I just wanted to add, if you do decide to get a puppy/dog first it is important to prepare them for the new baby. One big reason people have problems with their dogs and a new baby is they don't prepare the dog for the baby. The dog is living happily, then suddenly one day all this weird new stuff appears that the dog isn't supposed to touch. Then another change, this little noisy bundle arrives and the dog's family suddenly is not giving the dog the same attention as before. If you prepare your dog ahead of time by socializing them with children and getting them used to the sights, smells, different routine, and other things that come with a baby there is less likely to be an issue. Another big issue with dogs and babies is if the dog hasn't been trained or was not properly socialized well as a puppy.


----------



## KZoppa (Aug 14, 2010)

cassadee7 said:


> I would agree with this IF the OP is willing to get the puppy now and then put off trying to get pregnant for a year. OR if they wanted to go with a temperament tested, calm, stable adult (rescue) GSD now. Then they would be fairly sure to have a well trained, adult dog when the baby comes. But getting a puppy AND trying to get pregnant, to me, leaves too much up in the air. Morning sickness can really lay a person up for months... just sayin'! Pregnancy complications happen... I was on bedrest for 3 months with one of mine. And it's not easy to walk/exercise/train a dog under a year old while pregnant. JMO.


 

I agree with this....


I also want to add that beyond the possible but unlikely risk of bedrest, trying to get pregnant while you're chasing around an energetic chew on everything and everyone puppy and the stresses that can come with it, especially if said puppy were to get sick, stress can prevent pregnancy just like stress can delay a period. You have to weigh everything. I was on bedrest with my son because of stress related contractions.... no idea how i would have handled a puppy at that time...

just make a very informed decision. thats all i ask.


----------



## Fabian43 (Jul 23, 2011)

Scarlettsmom said:


> Just want to echo what everyone else is saying. Do one or the other, but not both at the same time. How much chaos can you and your wife take?? GSD puppies are not like other dogs...that is SO true. If you haven't had one before, and you haven't had a baby before...choose one, master that THEN add the other.  You'll all be happier for it and your lives will be richer (and quite a bit less chaotic).
> 
> Good luck to you and your wife on all accounts. You have a blank page of history to write for your future family...which will include a GSD when you are ready.

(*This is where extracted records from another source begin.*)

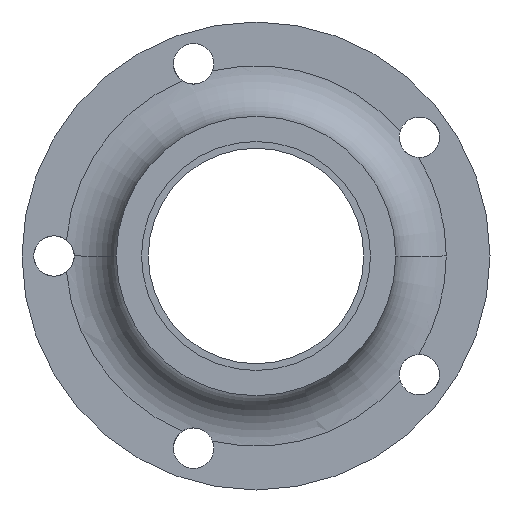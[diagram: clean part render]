
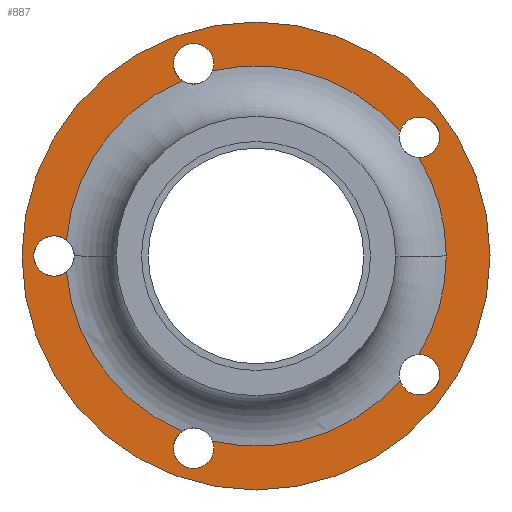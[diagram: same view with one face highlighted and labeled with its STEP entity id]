
A CAD part, left-side view. The second image highlights one B-rep face of the part: STEP entity #887.
In plain terms, the highlighted planar face has unit normal (-1, 0, 0).
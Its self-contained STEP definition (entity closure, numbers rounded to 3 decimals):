
#209=CARTESIAN_POINT('Vertex',(22.,-69.5,0.)) ;
#225=CARTESIAN_POINT('Vertex',(22.,69.5,0.)) ;
#228=CARTESIAN_POINT('Axis2P3D Location',(22.,0.,0.)) ;
#245=CARTESIAN_POINT('Axis2P3D Location',(22.,0.,0.)) ;
#616=CARTESIAN_POINT('Vertex',(22.,56.302,4.725)) ;
#628=CARTESIAN_POINT('Vertex',(22.,-56.5,0.)) ;
#631=CARTESIAN_POINT('Axis2P3D Location',(22.,0.,0.)) ;
#635=CARTESIAN_POINT('Vertex',(22.,-48.327,29.271)) ;
#656=CARTESIAN_POINT('Vertex',(22.,-42.772,36.916)) ;
#659=CARTESIAN_POINT('Axis2P3D Location',(22.,0.,0.)) ;
#663=CARTESIAN_POINT('Vertex',(22.,12.905,55.007)) ;
#679=CARTESIAN_POINT('Vertex',(22.,21.892,52.086)) ;
#682=CARTESIAN_POINT('Axis2P3D Location',(22.,0.,0.)) ;
#712=CARTESIAN_POINT('Vertex',(22.,-42.772,-36.916)) ;
#725=CARTESIAN_POINT('Vertex',(22.,-48.327,-29.271)) ;
#728=CARTESIAN_POINT('Axis2P3D Location',(22.,0.,0.)) ;
#740=CARTESIAN_POINT('Vertex',(22.,56.302,-4.725)) ;
#743=CARTESIAN_POINT('Axis2P3D Location',(22.,0.,0.)) ;
#747=CARTESIAN_POINT('Vertex',(22.,21.892,-52.086)) ;
#763=CARTESIAN_POINT('Vertex',(22.,12.905,-55.007)) ;
#766=CARTESIAN_POINT('Axis2P3D Location',(22.,0.,0.)) ;
#784=CARTESIAN_POINT('Axis2P3D Location',(22.,0.,0.)) ;
#793=CARTESIAN_POINT('Axis2P3D Location',(22.,-48.541,-35.267)) ;
#797=CARTESIAN_POINT('Vertex',(22.,-54.541,-35.267)) ;
#800=CARTESIAN_POINT('Axis2P3D Location',(22.,-48.541,-35.267)) ;
#805=CARTESIAN_POINT('Axis2P3D Location',(22.,18.541,-57.063)) ;
#809=CARTESIAN_POINT('Vertex',(22.,12.541,-57.063)) ;
#812=CARTESIAN_POINT('Axis2P3D Location',(22.,18.541,-57.063)) ;
#816=CARTESIAN_POINT('Vertex',(22.,24.541,-57.063)) ;
#819=CARTESIAN_POINT('Axis2P3D Location',(22.,18.541,-57.063)) ;
#824=CARTESIAN_POINT('Axis2P3D Location',(22.,60.,0.)) ;
#828=CARTESIAN_POINT('Vertex',(22.,66.,0.)) ;
#831=CARTESIAN_POINT('Axis2P3D Location',(22.,60.,0.)) ;
#836=CARTESIAN_POINT('Axis2P3D Location',(22.,18.541,57.063)) ;
#840=CARTESIAN_POINT('Vertex',(22.,24.541,57.063)) ;
#843=CARTESIAN_POINT('Axis2P3D Location',(22.,18.541,57.063)) ;
#847=CARTESIAN_POINT('Vertex',(22.,12.541,57.063)) ;
#850=CARTESIAN_POINT('Axis2P3D Location',(22.,18.541,57.063)) ;
#855=CARTESIAN_POINT('Axis2P3D Location',(22.,-48.541,35.267)) ;
#859=CARTESIAN_POINT('Vertex',(22.,-54.541,35.267)) ;
#862=CARTESIAN_POINT('Axis2P3D Location',(22.,-48.541,35.267)) ;
#229=DIRECTION('Axis2P3D Direction',(1.,0.,0.)) ;
#246=DIRECTION('Axis2P3D Direction',(1.,0.,0.)) ;
#632=DIRECTION('Axis2P3D Direction',(-1.,-0.,0.)) ;
#660=DIRECTION('Axis2P3D Direction',(-1.,-0.,0.)) ;
#683=DIRECTION('Axis2P3D Direction',(-1.,-0.,0.)) ;
#729=DIRECTION('Axis2P3D Direction',(-1.,0.,0.)) ;
#744=DIRECTION('Axis2P3D Direction',(-1.,0.,0.)) ;
#767=DIRECTION('Axis2P3D Direction',(-1.,0.,0.)) ;
#785=DIRECTION('Axis2P3D Direction',(-1.,0.,0.)) ;
#786=DIRECTION('Axis2P3D XDirection',(0.,-1.,0.)) ;
#794=DIRECTION('Axis2P3D Direction',(-1.,0.,0.)) ;
#801=DIRECTION('Axis2P3D Direction',(-1.,0.,0.)) ;
#806=DIRECTION('Axis2P3D Direction',(-1.,0.,0.)) ;
#813=DIRECTION('Axis2P3D Direction',(-1.,0.,0.)) ;
#820=DIRECTION('Axis2P3D Direction',(-1.,0.,0.)) ;
#825=DIRECTION('Axis2P3D Direction',(-1.,0.,0.)) ;
#832=DIRECTION('Axis2P3D Direction',(-1.,0.,0.)) ;
#837=DIRECTION('Axis2P3D Direction',(-1.,0.,0.)) ;
#844=DIRECTION('Axis2P3D Direction',(-1.,0.,0.)) ;
#851=DIRECTION('Axis2P3D Direction',(-1.,0.,0.)) ;
#856=DIRECTION('Axis2P3D Direction',(-1.,0.,0.)) ;
#863=DIRECTION('Axis2P3D Direction',(-1.,0.,0.)) ;
#230=AXIS2_PLACEMENT_3D('Circle Axis2P3D',#228,#229,$) ;
#247=AXIS2_PLACEMENT_3D('Circle Axis2P3D',#245,#246,$) ;
#633=AXIS2_PLACEMENT_3D('Circle Axis2P3D',#631,#632,$) ;
#661=AXIS2_PLACEMENT_3D('Circle Axis2P3D',#659,#660,$) ;
#684=AXIS2_PLACEMENT_3D('Circle Axis2P3D',#682,#683,$) ;
#730=AXIS2_PLACEMENT_3D('Circle Axis2P3D',#728,#729,$) ;
#745=AXIS2_PLACEMENT_3D('Circle Axis2P3D',#743,#744,$) ;
#768=AXIS2_PLACEMENT_3D('Circle Axis2P3D',#766,#767,$) ;
#787=AXIS2_PLACEMENT_3D('Plane Axis2P3D',#784,#785,#786) ;
#795=AXIS2_PLACEMENT_3D('Circle Axis2P3D',#793,#794,$) ;
#802=AXIS2_PLACEMENT_3D('Circle Axis2P3D',#800,#801,$) ;
#807=AXIS2_PLACEMENT_3D('Circle Axis2P3D',#805,#806,$) ;
#814=AXIS2_PLACEMENT_3D('Circle Axis2P3D',#812,#813,$) ;
#821=AXIS2_PLACEMENT_3D('Circle Axis2P3D',#819,#820,$) ;
#826=AXIS2_PLACEMENT_3D('Circle Axis2P3D',#824,#825,$) ;
#833=AXIS2_PLACEMENT_3D('Circle Axis2P3D',#831,#832,$) ;
#838=AXIS2_PLACEMENT_3D('Circle Axis2P3D',#836,#837,$) ;
#845=AXIS2_PLACEMENT_3D('Circle Axis2P3D',#843,#844,$) ;
#852=AXIS2_PLACEMENT_3D('Circle Axis2P3D',#850,#851,$) ;
#857=AXIS2_PLACEMENT_3D('Circle Axis2P3D',#855,#856,$) ;
#864=AXIS2_PLACEMENT_3D('Circle Axis2P3D',#862,#863,$) ;
#790=ORIENTED_EDGE('',*,*,#232,.T.) ;
#791=ORIENTED_EDGE('',*,*,#249,.T.) ;
#868=ORIENTED_EDGE('',*,*,#637,.T.) ;
#869=ORIENTED_EDGE('',*,*,#732,.T.) ;
#870=ORIENTED_EDGE('',*,*,#799,.F.) ;
#871=ORIENTED_EDGE('',*,*,#804,.F.) ;
#872=ORIENTED_EDGE('',*,*,#770,.T.) ;
#873=ORIENTED_EDGE('',*,*,#811,.F.) ;
#874=ORIENTED_EDGE('',*,*,#818,.F.) ;
#875=ORIENTED_EDGE('',*,*,#823,.F.) ;
#876=ORIENTED_EDGE('',*,*,#749,.T.) ;
#877=ORIENTED_EDGE('',*,*,#830,.F.) ;
#878=ORIENTED_EDGE('',*,*,#835,.F.) ;
#879=ORIENTED_EDGE('',*,*,#686,.T.) ;
#880=ORIENTED_EDGE('',*,*,#842,.F.) ;
#881=ORIENTED_EDGE('',*,*,#849,.F.) ;
#882=ORIENTED_EDGE('',*,*,#854,.F.) ;
#883=ORIENTED_EDGE('',*,*,#665,.T.) ;
#884=ORIENTED_EDGE('',*,*,#861,.F.) ;
#885=ORIENTED_EDGE('',*,*,#866,.F.) ;
#886=FACE_BOUND('',#867,.T.) ;
#887=ADVANCED_FACE('Corps de pi\X2\00E8\X0\ce.2',(#792,#886),#788,.T.) ;
#231=CIRCLE('generated circle',#230,69.5) ;
#248=CIRCLE('generated circle',#247,69.5) ;
#634=CIRCLE('generated circle',#633,56.5) ;
#662=CIRCLE('generated circle',#661,56.5) ;
#685=CIRCLE('generated circle',#684,56.5) ;
#731=CIRCLE('generated circle',#730,56.5) ;
#746=CIRCLE('generated circle',#745,56.5) ;
#769=CIRCLE('generated circle',#768,56.5) ;
#796=CIRCLE('generated circle',#795,6.) ;
#803=CIRCLE('generated circle',#802,6.) ;
#808=CIRCLE('generated circle',#807,6.) ;
#815=CIRCLE('generated circle',#814,6.) ;
#822=CIRCLE('generated circle',#821,6.) ;
#827=CIRCLE('generated circle',#826,6.) ;
#834=CIRCLE('generated circle',#833,6.) ;
#839=CIRCLE('generated circle',#838,6.) ;
#846=CIRCLE('generated circle',#845,6.) ;
#853=CIRCLE('generated circle',#852,6.) ;
#858=CIRCLE('generated circle',#857,6.) ;
#865=CIRCLE('generated circle',#864,6.) ;
#232=EDGE_CURVE('',#210,#226,#231,.F.) ;
#249=EDGE_CURVE('',#226,#210,#248,.F.) ;
#637=EDGE_CURVE('',#636,#629,#634,.F.) ;
#665=EDGE_CURVE('',#664,#657,#662,.F.) ;
#686=EDGE_CURVE('',#617,#680,#685,.F.) ;
#732=EDGE_CURVE('',#629,#726,#731,.F.) ;
#749=EDGE_CURVE('',#748,#741,#746,.F.) ;
#770=EDGE_CURVE('',#713,#764,#769,.F.) ;
#799=EDGE_CURVE('',#798,#726,#796,.T.) ;
#804=EDGE_CURVE('',#713,#798,#803,.T.) ;
#811=EDGE_CURVE('',#810,#764,#808,.T.) ;
#818=EDGE_CURVE('',#817,#810,#815,.T.) ;
#823=EDGE_CURVE('',#748,#817,#822,.T.) ;
#830=EDGE_CURVE('',#829,#741,#827,.T.) ;
#835=EDGE_CURVE('',#617,#829,#834,.T.) ;
#842=EDGE_CURVE('',#841,#680,#839,.T.) ;
#849=EDGE_CURVE('',#848,#841,#846,.T.) ;
#854=EDGE_CURVE('',#664,#848,#853,.T.) ;
#861=EDGE_CURVE('',#860,#657,#858,.T.) ;
#866=EDGE_CURVE('',#636,#860,#865,.T.) ;
#789=EDGE_LOOP('',(#790,#791)) ;
#867=EDGE_LOOP('',(#868,#869,#870,#871,#872,#873,#874,#875,#876,#877,#878,#879,#880,#881,#882,#883,#884,#885)) ;
#792=FACE_OUTER_BOUND('',#789,.T.) ;
#788=PLANE('Plane',#787) ;
#210=VERTEX_POINT('',#209) ;
#226=VERTEX_POINT('',#225) ;
#617=VERTEX_POINT('',#616) ;
#629=VERTEX_POINT('',#628) ;
#636=VERTEX_POINT('',#635) ;
#657=VERTEX_POINT('',#656) ;
#664=VERTEX_POINT('',#663) ;
#680=VERTEX_POINT('',#679) ;
#713=VERTEX_POINT('',#712) ;
#726=VERTEX_POINT('',#725) ;
#741=VERTEX_POINT('',#740) ;
#748=VERTEX_POINT('',#747) ;
#764=VERTEX_POINT('',#763) ;
#798=VERTEX_POINT('',#797) ;
#810=VERTEX_POINT('',#809) ;
#817=VERTEX_POINT('',#816) ;
#829=VERTEX_POINT('',#828) ;
#841=VERTEX_POINT('',#840) ;
#848=VERTEX_POINT('',#847) ;
#860=VERTEX_POINT('',#859) ;

very kind words, thank you


----------



## Fabian43 (Jul 23, 2011)

Thank you everyone for the abundant opinions as I know all of you are speaking from experience. I'm glad that many of you acknowledged that my wife and I are *trying* to get pregnant. Obviously there is no timetable, other than God's, as to when this will happen. Add 9 months for pregnancy and I feel that getting a pup now makes sense. It could be 9 months or 2 years until a newborn is brought home and in that time we could get the pup obedience trained and hopefully integrated into our lives. There are times when I'm away on business and I'd like to feel reassured that our GSD is at home protecting my wife and our home. I get very excited thinking about our lives with a GSD. When I was young my mother would always tell us stories about her GSD when she was little and how smart and protective he was of her and her siblings. I'm 29 years old and, my current situation considered, can't stand the wait any longer!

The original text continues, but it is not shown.